Ce matin est parue dans Libération une lettre au directeur des Rencontres d’Arles l’interpellant sur le manque de femmes exposées. J’en suis l’initiatrice et c’est aidée par d’autres photographes que cette tribune a reçu un grand nombre de signatures. La voici ici. La version papier sera disponible en kiosque mardi 4 septembre 2018.
Je voudrais répondre à des remarques attendues et anticipées formulées par quelques acteurs du monde de la photo francais.
« Pourquoi faire une lettre publique et ne pas en parler directement au directeur des Rencontres d’Arles ? »

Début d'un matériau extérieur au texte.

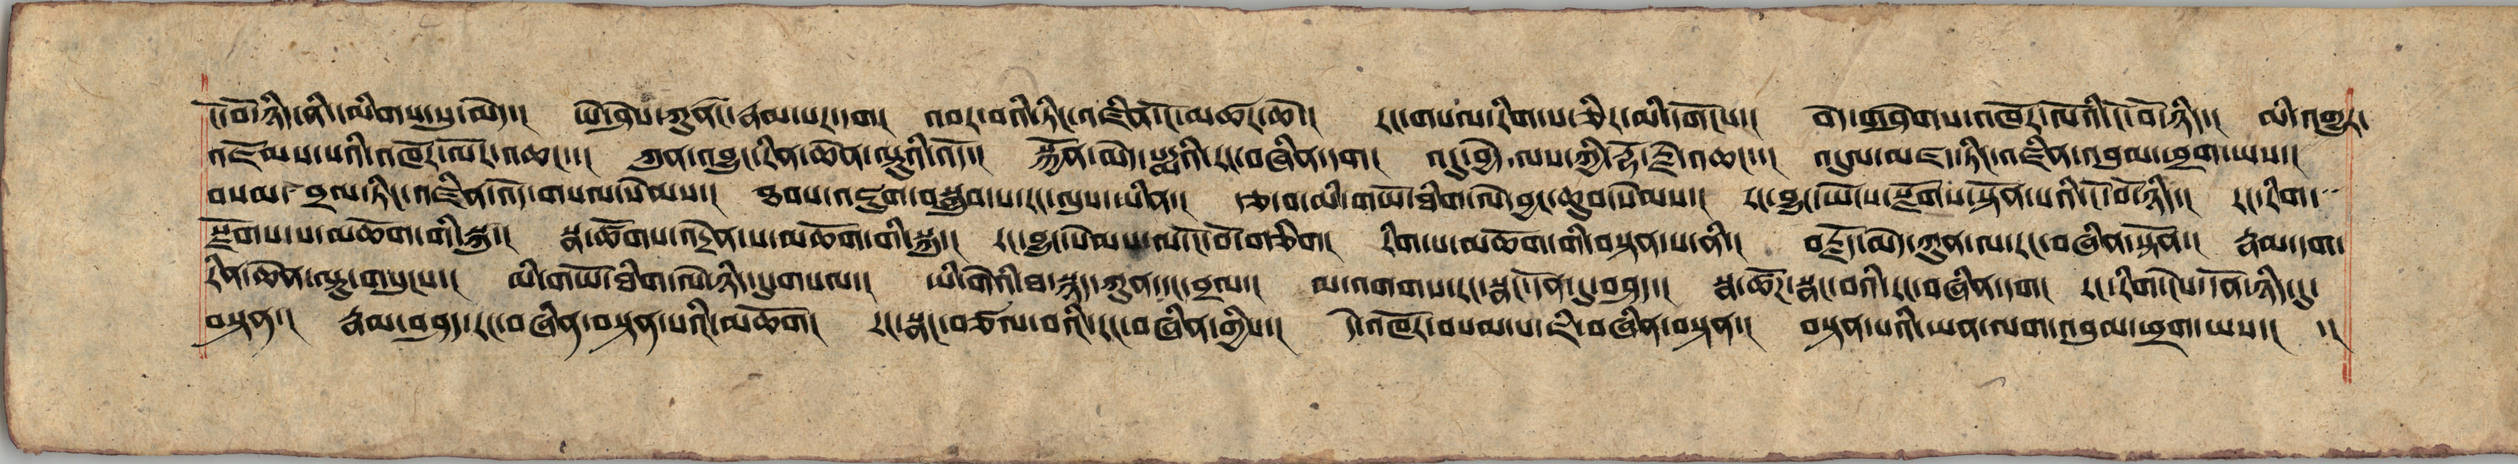ངོ་བོ་ཉིད་ནི་དམིགས་སུ་མེད་། ཡེ་ཤེས་ཀུནཟང་རྣམ་པར་དག། འབར་བའི་ཏིང་འཛིན་ངོ་མཚར་ཆེ་། རང་གསལ་རིག་པ་ཅིར་མི་དགོངས་། བདེ་གཤེགས་འཁོར་ལོའི་ངོ་བོ་ཉིད་། མི་འགྱུར་
འཇོམས་པའི་འཁོར་ལོར་འཆང་། ཀུན་འབྱུང་རིན་ཆེན་ལྟུའི་འོད་། སྐྱོན་མེད་པདྨའི་རང་བཞིན་དག། འདུ་བྱེད་ལས་ཀྱི་རྡོ་རྗེ་འཆང་། འདུལ་མཛད་ཏིང་འཛིན་འབུམ་ཕྲག་ཡས་།
བསམ་བྲལ་ཏིང་འཛིན་འོད་གསལ་སེམས་། ཐབས་འཇུག་བསྒྲུབ་པ་རང་ལུས་ཡིན་། རྩ་བ་མི་གཡོ་ཐིག་ལེ་བྱང་ཆུབ་སེམས་། རང་བྱུང་ཡོངས་སྫོགས་སྟོན་པའི་ངོ་བོ་ཉིད་། རང་རིག་
སྫོགས་པ་མཆོག་གི་སྐུ་། སྣ་ཚོགས་འདྲེན་པ་མཆོག་གི་སྐུ་། རང་བྱུང་སེམས་ལ་ངོ་བོ་གཅིག། རིག་པ་མཆོག་གི་བསྟན་པ་ནི་། བརྗོད་མེད་ཀུན་ལ་རང་བཞིན་སྟོན་། རྣམ་དག་
རིན་ཆེན་ལྟུ་གསུངས་། མི་གཡོ་ཐིག་ལེ་ཉིད་དུ་གསལ་། ཡི་གེའི་ཐ་སྙད་ཀུན་དང་བྲལ་། མ་འགགས་རང་སྣང་དོན་དུ་བཤད་། སྣ་ཚོཌ་སྣང་བའི་རང་བཞིན་དག། རང་རིག་ངེས་དོན་ཉིད་དུ་
བསྟན་། རྣམ་བཤད་རང་བཞིན་བསྟན་པའི་མཆོག། རང་སྣང་བཙལ་བའི་རང་བཞིན་གྱིས་། དེ་འཁོར་བསམ་པ་ཇི་བཞིན་བསྟན་། བསྟན་པའི་ཡན་ལག་འབུམ་ཕྲག་ཡས་། ་།

A sa nomination, j’ai écrit publiquement une lettre au nouveau directeur par le biais de mon blog Atlantes et Cariatides en l’informant de la situation des Rencontres d’Arles sur ce sujet et en espérant qu’il ferait mieux qu’à son précédent poste et que son prédécesseur, François Hébel.
En juillet 2018, à la fin de la semaine des Rencontres, il m’a appelé et nous avons longuement parlé. Il m’est clairement apparu qu’il ne saisissait pas complètement les enjeux. Les semaines suivantes, j’ai vu apparaître dans des groupes de discussions français et internationaux des appels à boycott, des appels à manifestations durant les rencontres 2019. Cela signifie que personne ne pense qu’en 2019 les femmes seront mieux traitées dans le festival. Je n’ai pas voulu attendre encore une année d’où cette initiative qui a été longuement discutée dans ces groupes avant d’être envoyée à Libération.
« Les quotas, la parité, ce n’est pas sérieux. C’est le talent, la qualité qui comptent. Ca va se retourner contre les femmes»
En ce qui concerne la parité, c’est ce que j’ai pensé il y a quelques années avant de très sérieusement me pencher sur les raisons qui invisibilisent les femmes. Il y en a de très nombreuses, complexes. Je vous invite à regarder l’entretien avec la sociologue Marie Buscatto qui explique très clairement les mécanismes à l’œuvre. Une chose est sûre : rien ne change dans les mondes de l’art sans une volonté politique contraignante. C’est pourquoi je vous invite à prendre connaissance de la feuille de route du Ministère de la Culture : un moment historique. Ces contraintes n’ont pas vocation à demeurer mais existerons tant que ce sera nécessaire.
En ce qui concerne le talent et la qualité, il faut ici poser clairement que le talent n’est pas une composante du chromosome Y. Ca vous fait rire ? C’est pourtant une croyance encore bien ancrée. Le talent est une construction sociale variable dans le temps et les cultures et il est nécessaire de le questionner.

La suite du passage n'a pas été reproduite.